■ Work to complete: The answer must be an exact copy of the lines from the one with "The Airgun Show - Long range rabbit action" through the final line of the records below, with no pictures.

■ Data provided:
----------
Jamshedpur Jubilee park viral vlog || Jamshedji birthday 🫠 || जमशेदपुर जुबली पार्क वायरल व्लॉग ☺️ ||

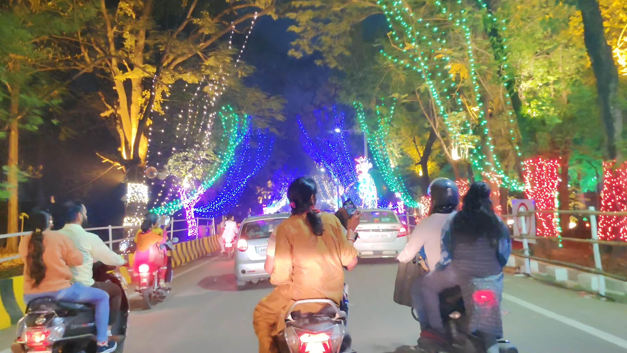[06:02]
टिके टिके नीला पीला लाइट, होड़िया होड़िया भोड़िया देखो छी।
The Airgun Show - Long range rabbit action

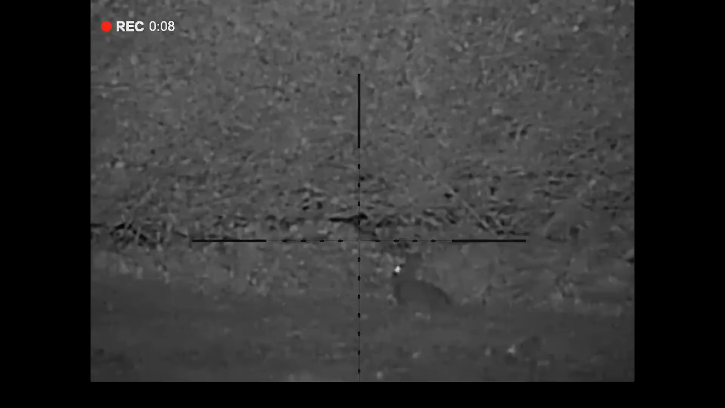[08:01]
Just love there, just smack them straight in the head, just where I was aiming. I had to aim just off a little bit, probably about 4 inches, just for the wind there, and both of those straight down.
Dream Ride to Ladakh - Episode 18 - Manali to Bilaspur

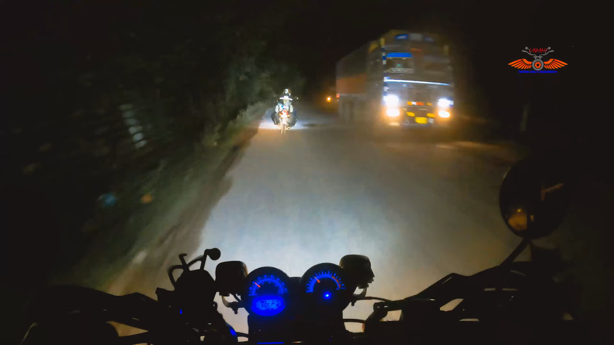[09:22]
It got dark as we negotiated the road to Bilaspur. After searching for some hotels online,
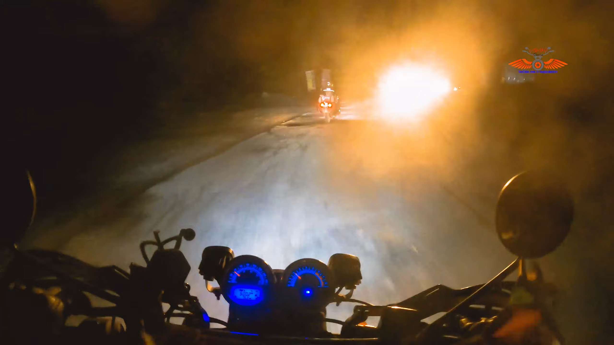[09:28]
----------
■ Output of the task:
The Airgun Show - Long range rabbit action

[08:01]
Just love there, just smack them straight in the head, just where I was aiming. I had to aim just off a little bit, probably about 4 inches, just for the wind there, and both of those straight down.
Dream Ride to Ladakh - Episode 18 - Manali to Bilaspur

[09:22]
It got dark as we negotiated the road to Bilaspur. After searching for some hotels online,
[09:28]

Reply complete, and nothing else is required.